The parameters used to build the GBIF API request URL are defined in the `query_params` section of your
`config/config.yaml`. These parameters control which records are fetched from the GBIF API.

**Supported parameters:**

- `mediaType` (e.g. `StillImage`): Only download records with images.
- `taxonKey`: The taxon key.
- `datasetKey`: Filter by dataset.
- `country`: Filter by country code (e.g. `DE` for Germany).
- `hasCoordinate`: Only records with coordinates (`true` or `false`).
- `year`, `month`: Filter by year or month of occurrence.
- `basisOfRecord`: Type of record (e.g. `HUMAN_OBSERVATION`).
- `recordedBy`: Filter by collector/observer.
- `institutionCode`, `collectionCode`: Filter by institution or collection.
- `limit`: Number of records per API call (pagination, max. 300).
- `offset`: Start offset for pagination.

**How it works:**

- All parameters in `query_params` are automatically validated at startup.
- Only the above parameters are allowed. Invalid parameters will cause the program to stop with an error.

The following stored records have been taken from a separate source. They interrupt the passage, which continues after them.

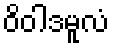
ဝိဝါဒမူလံ
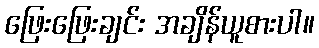
ဖြေးဖြေးချင်း အချိန်ယူစားပါ။
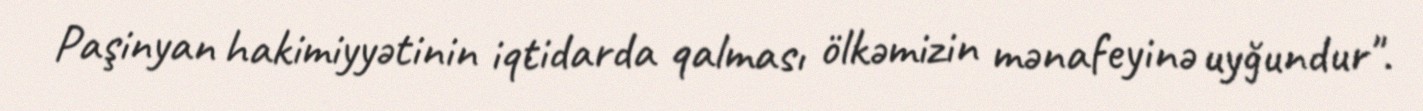
Paşinyan hakimiyyətinin iqtidarda qalması ölkəmizin mənafeyinə uyğundur".
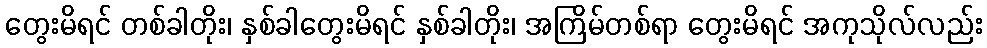
တွေးမိရင် တစ်ခါတိုး၊ နှစ်ခါတွေးမိရင် နှစ်ခါတိုး၊ အကြိမ်တစ်ရာ တွေးမိရင် အကုသိုလ်လည်း
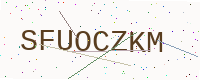
Text: SFUOCZKM
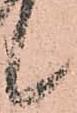
候
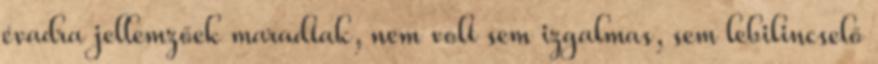
évadra jellemzőek maradtak, nem volt sem izgalmas, sem lebilincselő
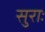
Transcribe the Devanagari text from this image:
सुराः
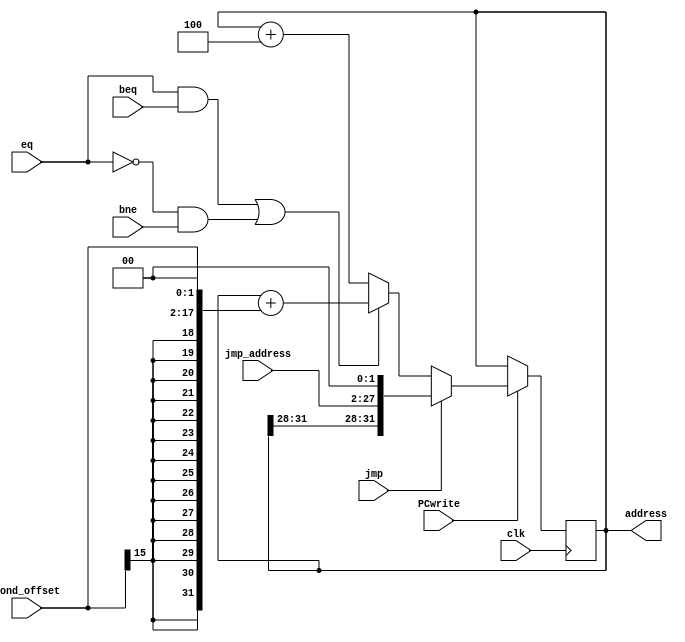
`timescale 1ns/1ns
module PC (
  output reg [31:0] address, 
  input [25:0] jmp_address,
  input [15:0] cond_offset,
  input eq, jmp, beq, bne, PCwrite, clk
);
	reg signed [31:0] s_cond_offset;
	initial address = 32'b0;
	
	always@(cond_offset) s_cond_offset = {{14{cond_offset[15]}}, cond_offset, 2'b0};
	
	always@(posedge clk)begin
  		if(PCwrite)begin
 			if(jmp) address <= {address[31:28],jmp_address,2'b0};
 			else if((eq&beq)|(~eq&bne)) address <= address + s_cond_offset;
 			else address <= address + 32'd4;
  		end
  	end
endmodule

### 3. Process taxonKey list and resolve taxonKeys

```python
from anhaltai.gbif_downloader.tree_list_processor import TreeListProcessor

processor = TreeListProcessor(input_path="data/tree_list.xlsx",
                              sheet_name="Gehölzarten", taxon="speciesKey")
processor.process_tree_list(output_path="data/species_key.csv")
```

### 4. Download media and metadata from GBIF

Run the main program:

```bash
PYTHONPATH=src python3 src/anhaltai/gbif_extractor/main.py
```

### Note:

- MinIO credentials must be set in `.env` see `.env-example` for the required format\.
- Log files are automatically saved in persistent Volume `mnt/logs/`.
- Parallel processing and uploads are controlled by a configurable thread limit.
- The program will skip old entries if `crawl_new_entries` is set to `True`.